Sunday, January 25, 2015

Don't Leave Home without It!


1. Are you cooking your steaks wrong?
This has absolutely nothing to do with photography!
A friend of mine (Sean, I think it was) sent me a link to an article asking that question. I tried it and came to the conclusion that they were right, I've been doing it wrong for 50 years.
Follow this thinking:
If you sear the outside of the steak first and then BBQ or broil the steak (the way I've always done it), you will end up with only the centre of the steak correctly cooked (your call: rare or medium-rare. If you like your steak well-done please skip the rest of this story and click here for a tasty treat you'll enjoy).
Now for the rest of us: that means that most of the meat will be overdone. The article suggests to slow-cook the steak over low indirect heat until it reaches an internal temperature of 115°F. NOW sear it at very high temperature to give it that crispy outer crust. Note that it will continue to cook internally so the done-ness will be right. There's another reason too – it will melt in your mouth! How do you make a tough piece of meat tender? You cook it slowly, at lower temperatures. That's why crock pots work.
This also works for lamb chops, roasts (I've been doing them that way for a long time) and even hamburgers. For what it's worth, that's how high end steak houses cook. Try it!
2. Unsubscribing from junk mail
You know those "unsubscribe here" buttons at the bottom of most junk mail? Should you or shouldn't you? It's possible that they're waiting for you to click on it so they can verify that you are legitimate and gather your email address for additional spam. What does everyone think? 
By the way, the unsubscribe on my Newsletter is totally legitimate. I use MailChimp and by clicking it, you get totally removed immediately from my mailing list. Not that you would ever want to do that!

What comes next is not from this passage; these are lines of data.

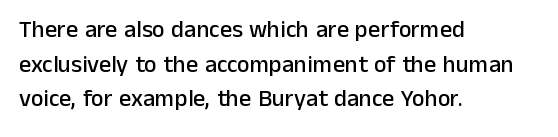
The compositor pushed each line to the left boundary. Compared with typical paragraphs, the rows here are spaced about the same. Here the glyphs are tracked normally, forming tight word shapes. Check the space under the baseline: it is left empty. You can tell it's not italic because the verticals are truly vertical.
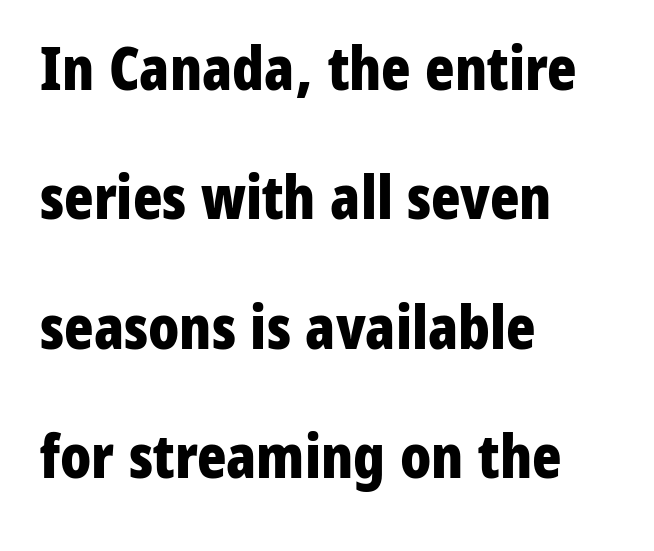
Does the copy run flush right? No — it runs flush left. A roman cut, with each character standing at attention. Check the space under the baseline: it is left empty. The rendering keeps characters at their native spacing.
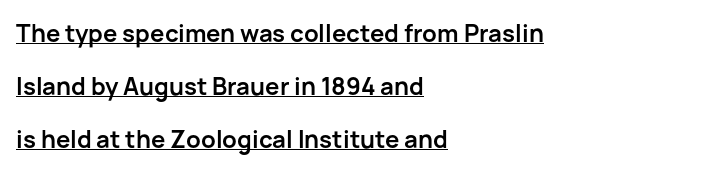
Q: Is the text bold? A: Yes.
Q: Is the text italic (slanted)? A: No, it is upright.
Q: Is the text underlined? A: Yes.
Q: How is the paragraph aligned? A: Left-aligned.
Q: Is the spacing between letters normal or unusually wide? A: Normal.
Q: Is the spacing between lines tight, normal or loose? A: Loose.
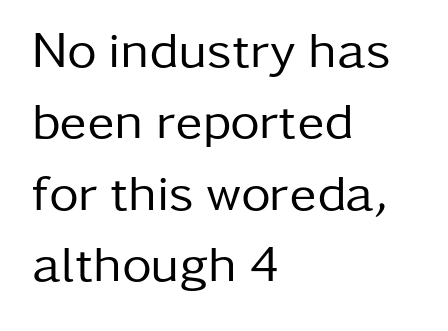
Q: Is the text bold? A: No.
Q: Is the text italic (slanted)? A: No, it is upright.
Q: Is the typeface a serif or a sans-serif typeface? A: Sans-serif.
Q: Is the text underlined? A: No.
Q: How is the paragraph aligned? A: Left-aligned.
Q: Is the spacing between letters normal or unusually wide? A: Normal.
Q: Is the spacing between lines tight, normal or loose? A: Normal.
Q: Width (condensed, normal, or wide)? A: Normal.
Q: Stroke contrast? A: Low.
Q: x-height? A: Medium.
Q: Monospaced? A: No.

Press Accreditation for Pan Am Games

My Press Accreditation application has been approved as a photojournalist for the PanAm Games this summer. Specifically, I've applied for the Canoe and Kayak slaloms to be held at the Minden Wildwater Preserve July 17-18. I'm looking forward to photographing and reporting on this marvelous event. If you are in the media (or know someone who is: please pass this on), I am shooting as a freelancer and would be delighted to submit images to your publication(s). Please contact me directly via


Some sample images

By the way, I would like to borrow or rent an extra camera body for the event. Nikon, of course, minimum D7100 (or D4s or D800 or...). A crop-sensor body would be useful for the extended tele capability, but I have enough reach with my present gear. Please get in touch if you can help!


It's time to start thinking about 2015 workshops. I still have to rewrite my workshop pages ( but here's what I have in mind. I have three or four basic introductory sessions that last half-a-day and cost $50. Basic photography, Lightroom, Photoshop, specific topics. All of them can be expanded to two day sessions ($150) at the end of which the student will have a working knowledge of the topic. Photography workshops can include a field trip as day 2. All sessions are designed to run up here at my house, but I can also travel if it makes sense.

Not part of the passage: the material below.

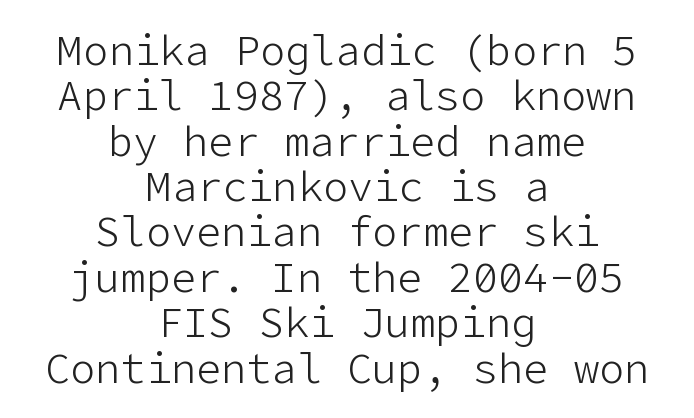
The lines are quadded center. Between one letter and the next there's only the usual sliver of space. Vertically, the passage feels compressed, each row crowding the next. The foot of each line stays bare and open. The weight tops out at a normal text grade. You can tell it's not italic because the verticals are truly vertical.
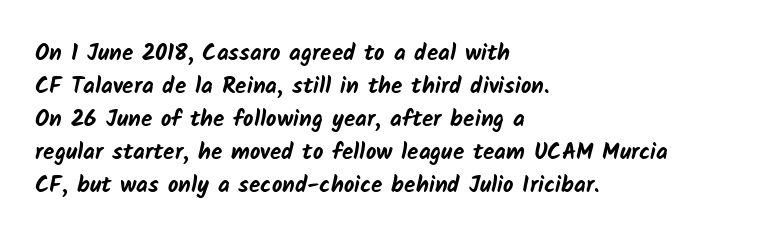
{"bold": "yes", "underline": "no", "align": "left", "line_spacing": "normal", "line_spacing_ratio": 1.43, "letter_spacing": "normal", "letter_spacing_em": 0.0, "glyph_px": 23}

My schedule is pretty open, so I don't want to set firm dates at this point. Not in the July 11-20 window, though! (PanAm Games). So this is a preliminary heads-up and anyone considering moving up to the next level should read what's on the site above (remembering that I haven't updated it for 2015 yet) and contact me (pardon the anti-spam attempt. I'm sure you understand).

Star Light, Star Bright

The other night, when I got home from the camera club meeting I looked up and actually saw stars.They looked pretty crisp, it was one of those dry winter evenings, temperatures hovering around 0°F (-18°C). Unfortunately I have some local light pollution (one day I'm going to take a .22 to that all-night hydro light in the Inn parking lot next door!), which you can see in this shot, illuminating my garage.

It was the first clear night in a long time: in fact I can't remember a cloudless night since last summer when I did stars workshops! (there may have been some but not predicted more than a day in advance). For fun, I thought I'd include the garage in the foreground and shoot the Eastern sky above it. Besides, Venus was up there blazing brighter than anything else. Besides, I got to set the camera up in my driveway and go inside where it was warm!

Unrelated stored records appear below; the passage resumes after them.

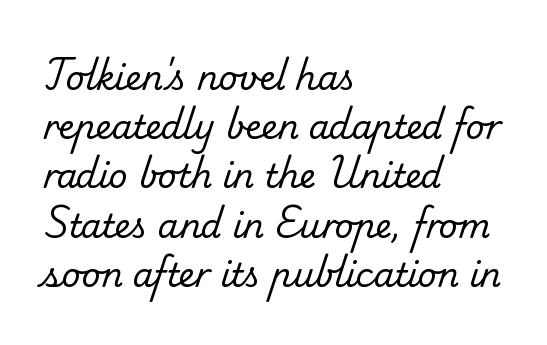
The image shows 33 px regular-weight serif type; set left-aligned, normal line spacing (1.49x), normal letter spacing, not underlined; low stroke contrast and a small x-height.
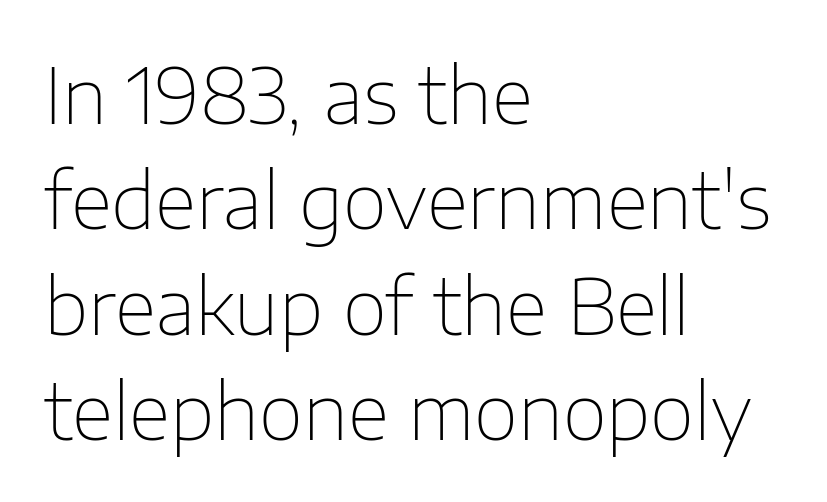
{"serif": "no", "italic": "no", "bold": "no", "weight": "thin", "width": "normal", "stroke_contrast": "low", "x_height": "medium", "monospaced": "no", "underline": "no", "align": "left", "line_spacing": "normal", "line_spacing_ratio": 1.37, "letter_spacing": "normal", "letter_spacing_em": 0.0, "glyph_px": 77}
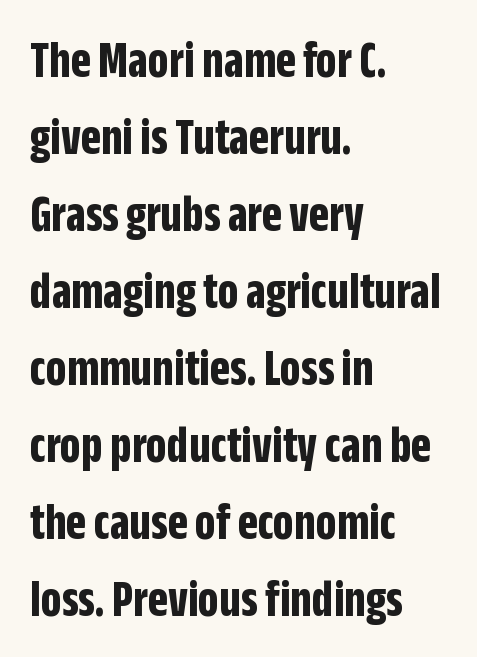
Teacher's note: observe the even left margin — that is flush-left alignment. Caption: standard tracking, unaltered. The vertical gap from one line to the next is medium. The lettering holds an erect, upright posture throughout. Is this a fixed-width face? No — the glyphs have proportional, varying widths.

This was one single frame, before stacking but after doing lens correction to remove the distortion you get by pointing a wide angle lens upwards. Lightroom did a neat job of straightening everything up.

I took a total of 162 exposures over 81 minutes (the arithmetic isn't tough: 30-second exposures!), tweaked them in Lightroom and exported them to StarStaX. As usual, too many stars! So I took them back to Lightroom and darkened them down, then I used the lens correction tool.

For the tekkies: D800 full frame with Nikkor 17-35mm f/2.8 at F=17mm. 30 seconds at f/2.8, ISO 1600. That's a little bright, even for a single shot (ISO 1000 is enough) but you need much less when you're stacking them.One time I'm going to see what I get at ISO 400. Anyway, the sky was 'way too crowded so I took only 80 of the images into StarStaX and turned on "comet mode". I processed the images in reverse order to make it look like the comets were raining down instead of up.

Turns out it wasn't totally clear. The red you see at the bottom of the picture is from a cloud layer that moved in across the shot. The red glow probably comes from the village of Haliburton, about 20 km away. It was interesting to watch it develop so I took the same images and loaded them into MS Movie Maker and did a short time-lapse (15 seconds) which you can find here on YouTube.

Take your camera with you!

"What kind of camera should I use"? "The one you have with you"! Yesterday I was stopping off at the landfill (PC word for "garbage dump"). I almost left the camera at home, it was a grey, not very pretty day... but threw it in the car anyway. GOOD THING!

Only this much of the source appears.